Let’s look at the plot showing how our metrics depend on the percentage of overlap relative to chunk_size:
Visually, it looks like chunk_overlap increases Recall and has almost no effect on Precision. Why is there such a sharp jump in Recall around 5%? Because we are looking at percentage overlap (overlap / chunk_size), and 5% overlap only exists for chunk sizes 500, 550, and 600, which already have lower Recall compared to, for example, chunk size 250. And we simply don’t have data for smaller chunk sizes with 5% overlap. The same logic explains the small drop in Precision at the beginning.
Hypothesis №2 - Does chunk_overlap have a small positive effect on Recall and almost no effect on Precision?
We will start with Hypothesis #2, because uneven data distribution might also influence other metrics. To test the hypothesis, let’s collect more data for smaller overlap values, setting them as a percentage of chunk_size.
Visually, we can see that chunk_overlap has almost no effect on Precision, but slightly increases overall Recall. Why is there a sharp increase in Recall around 5%? Again, because 5% overlap only exists for large chunks (500, 550, 600), which already have lower Recall than, say, chunk size 250. And we have no smaller chunk sizes with 5% overlap in the current data. The small drop in Precision at the beginning can be explained the same way.
To test this hypothesis, let’s compute metrics for smaller overlap values by defining them as a percentage of chunk_size:
method: grid
parameters:
chunk_size:
values: [50, 150, 250, 350]
chunk_overlap:
values: [0.1, 0.2, 0.3, 0.4, 0.5] # it's %
n_results:
values: [1, 3, 5, 7, 10]
Let’s once again look at the relationship between the metrics and the percentage ratio chunk_overlap / chunk_size:
Now we can say that the hypothesis was confirmed. The best improvement in Recall is achieved when the overlap is around 30–40%.
Hypothesis №1 - Correlation Between the Extremum in the Recall/Chunk_Size Plot and the Reference Length Distribution
The percentage - based approach to overlap showed good results, so now let’s calculate results for more values.
To do this, we divide our dataset into 3 equal parts based on the reference length (and we only consider examples where the number of references is exactly 1 - which is the majority of the data).
We will use the following parameters:
method: grid
parameters:
dataset_sizes = ["small", "middle", "big"]
chunk_sizes = [50, 100, 150, 200, 250, 300, 350, 400]
overlap_fracs = [0.1, 0.2, 0.3, 0.4, 0.5]
n_results_list = [1, 3, 5, 7, 10]
I did not see any connection between the extrema of these plots and the distributions of the reference answer lengths, so the hypothesis was not confirmed.
We obtained 17 results with a 100% recall.

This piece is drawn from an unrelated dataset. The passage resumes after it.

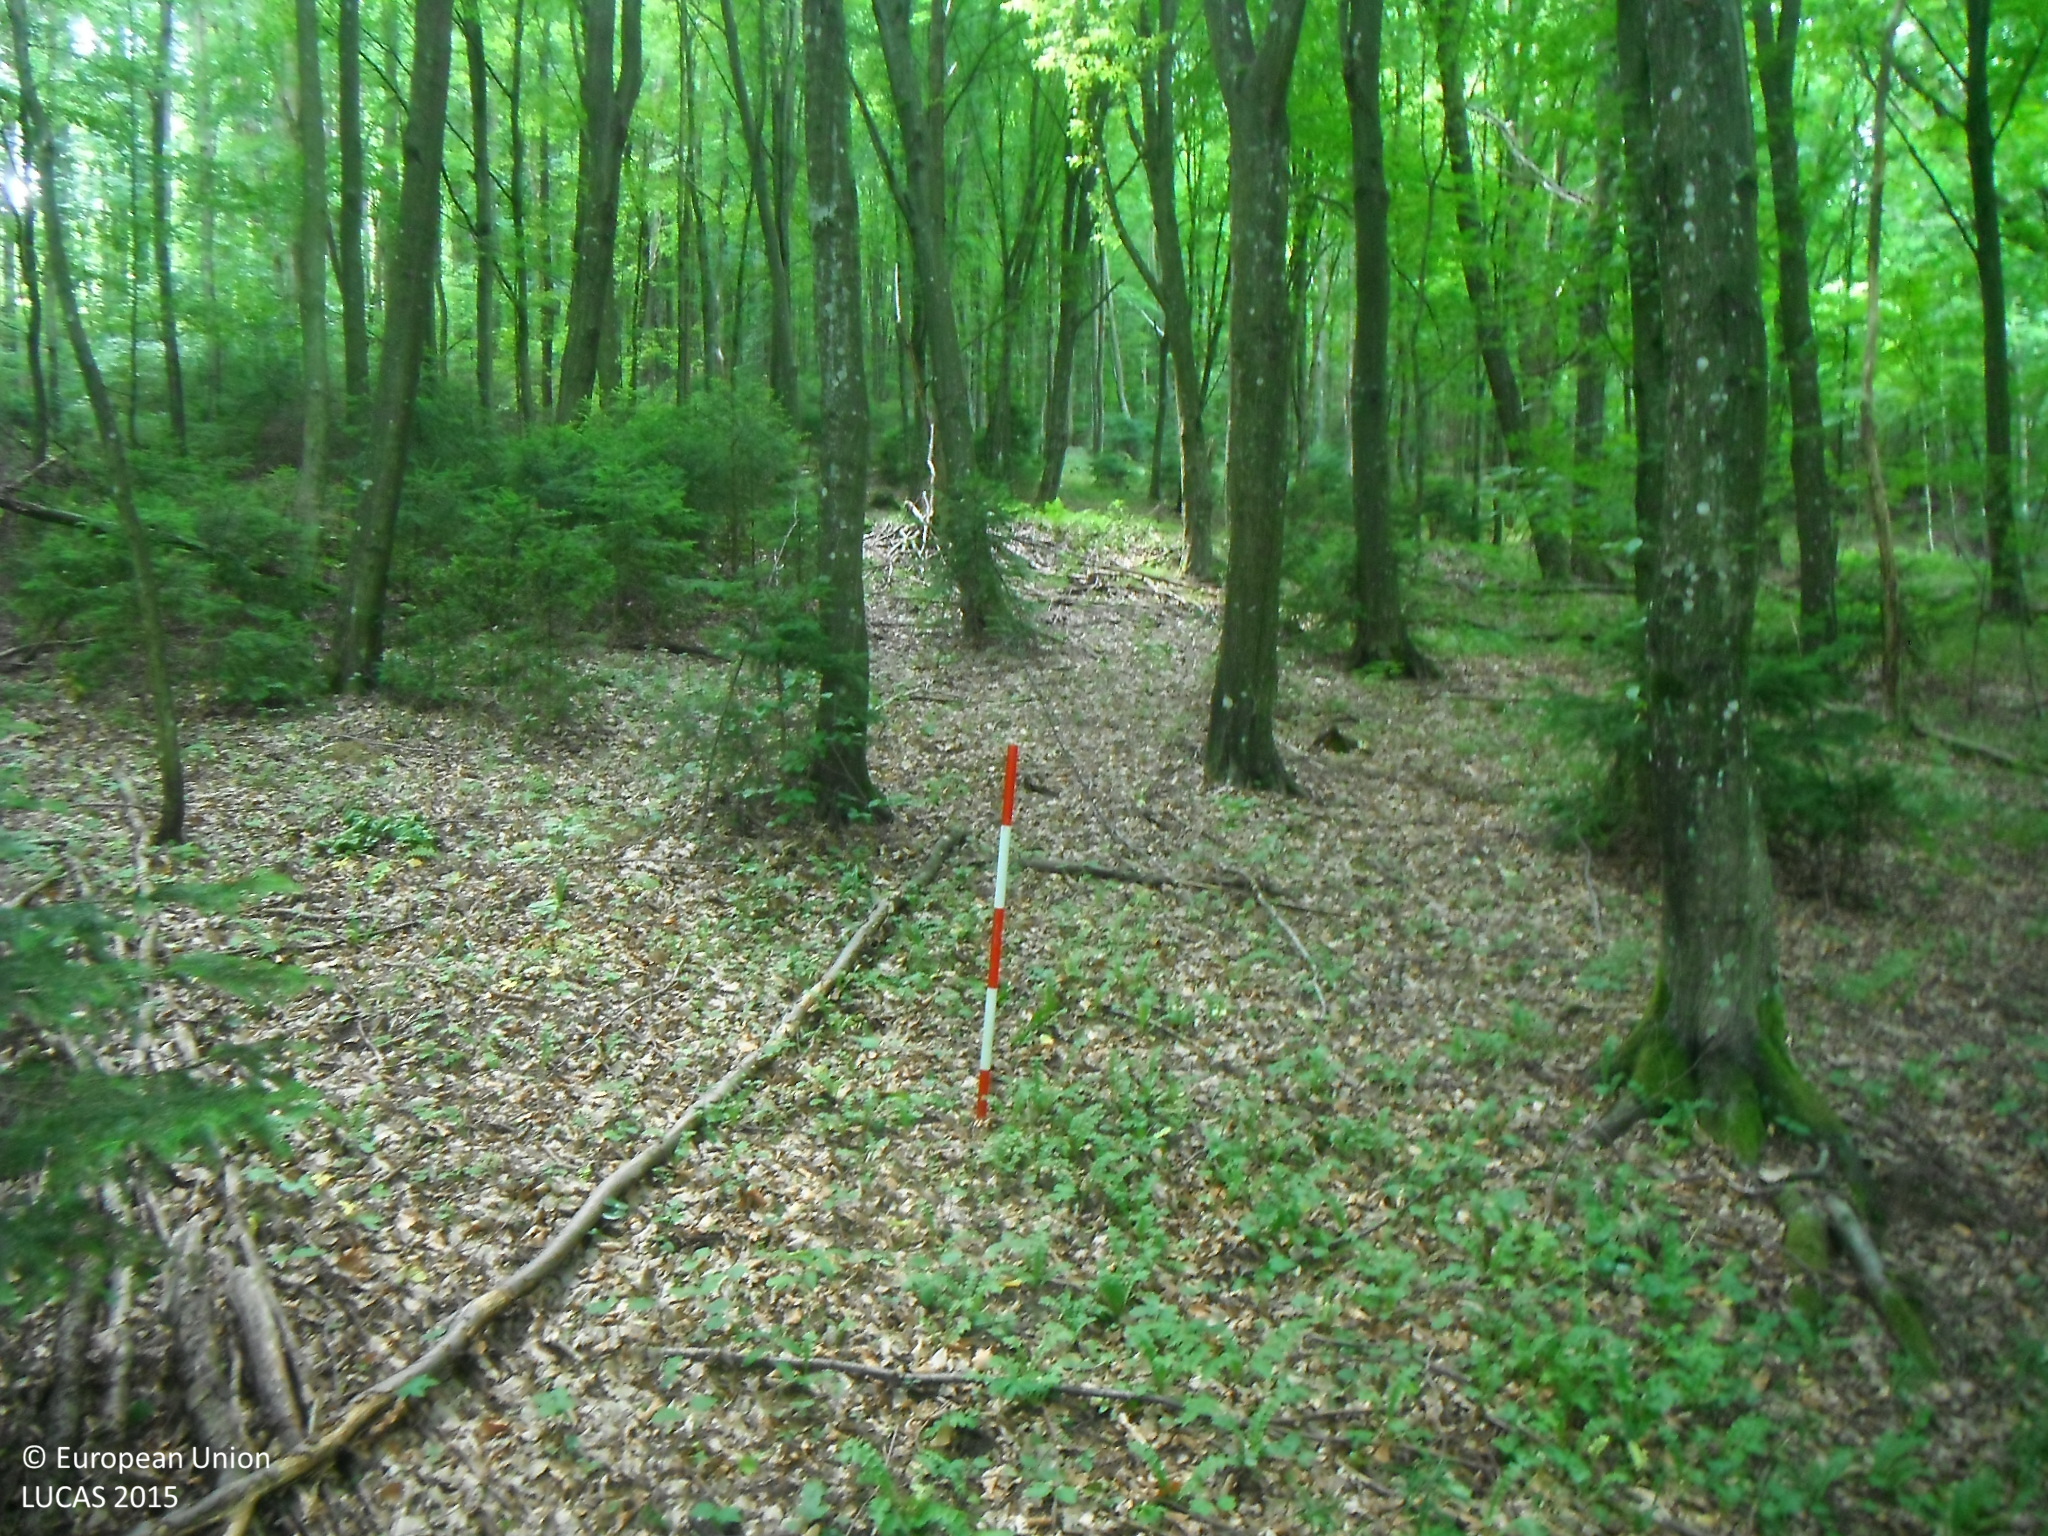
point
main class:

Their chunk_size ranges from 200 to 400, and they all have an overlap of about half the chunk_size or slightly less. The vast majority of n_results values lie between 8 and 10.

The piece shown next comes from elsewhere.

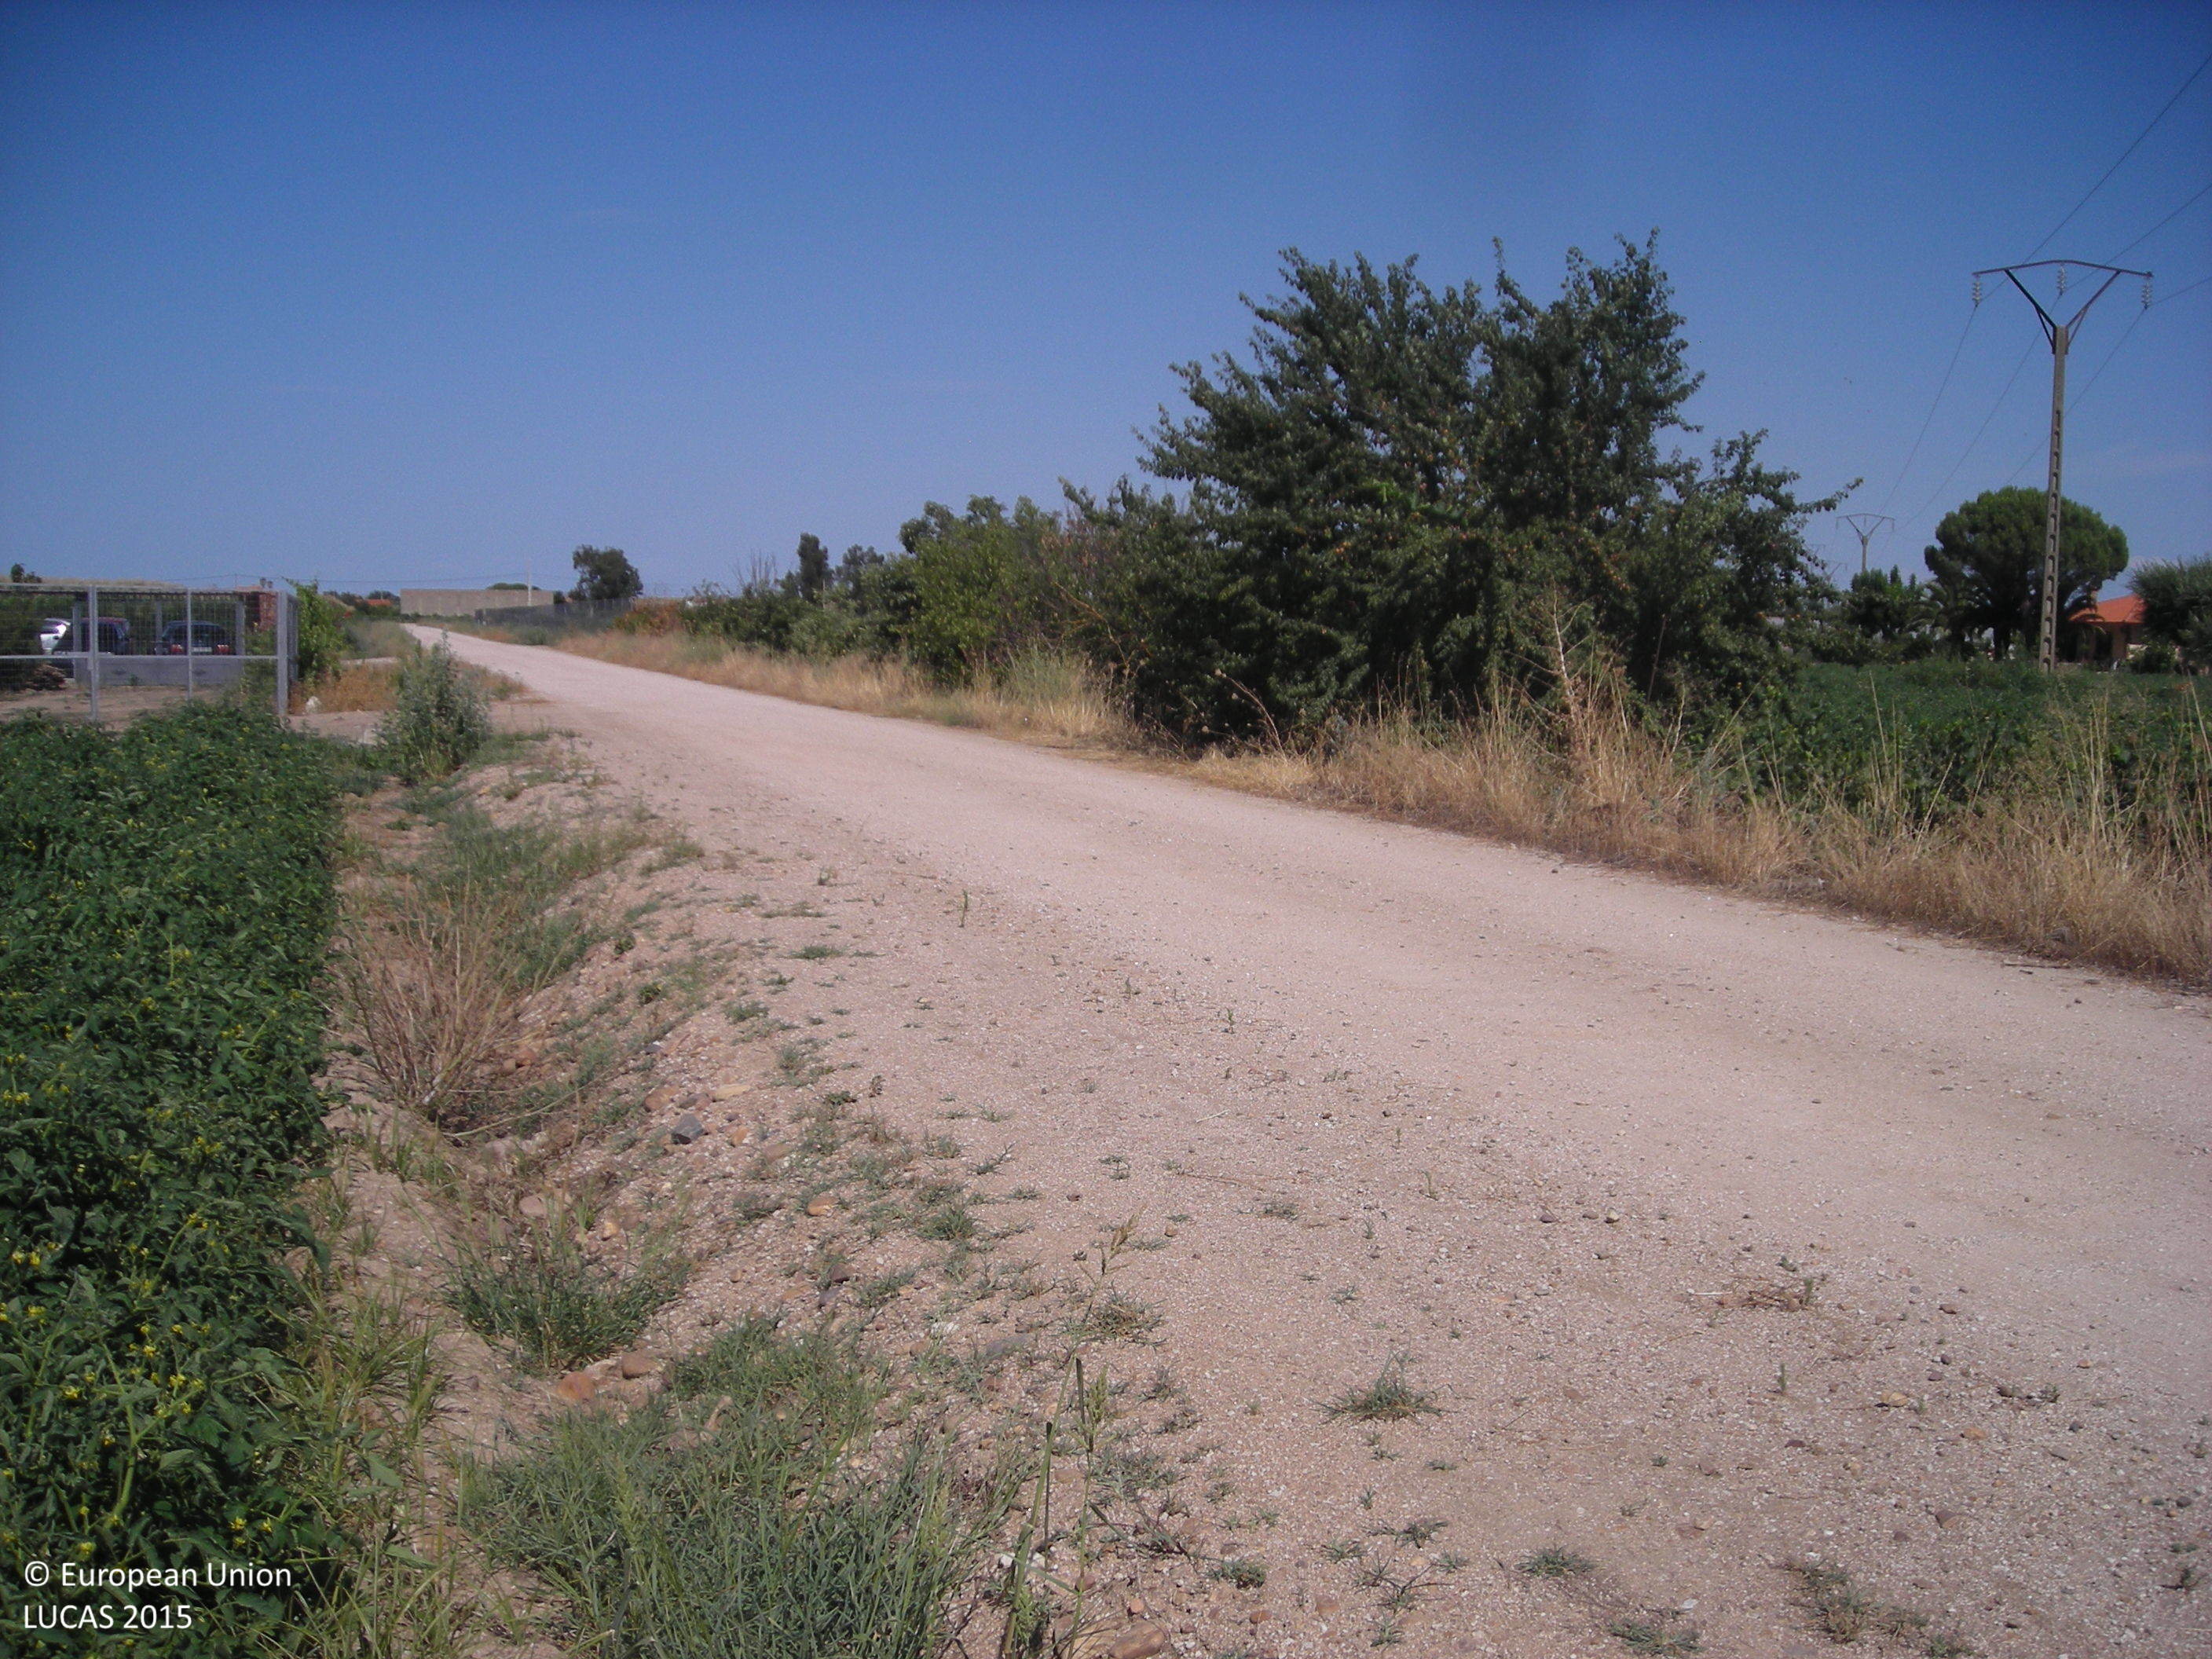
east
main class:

As we discussed earlier, the decline in recall for larger chunk_size values (400+) is likely due to the chunks becoming overly generalized. In other words, the embeddings no longer capture the information as effectively, and the semantic search results deteriorate. Additionally, context may be truncated if it exceeds the 512-token limit.
The best precision scores are achieved with smallest chunk_size values (50–100) and the fewest predicted results (1–2).
This is because we are extremely selective in how we choose the chunk. Of course, recall drops significantly since most answers exceed 100 tokens, making it physically impossible to cover all reference spans. But why is the upper bound on precision only around 30% rather than 100%? My view is that the issue lies with our chunker, which mechanically cuts off the text by token count, thus impairing semantic retrieval by losing continuity and scattering the information across multiple chunks.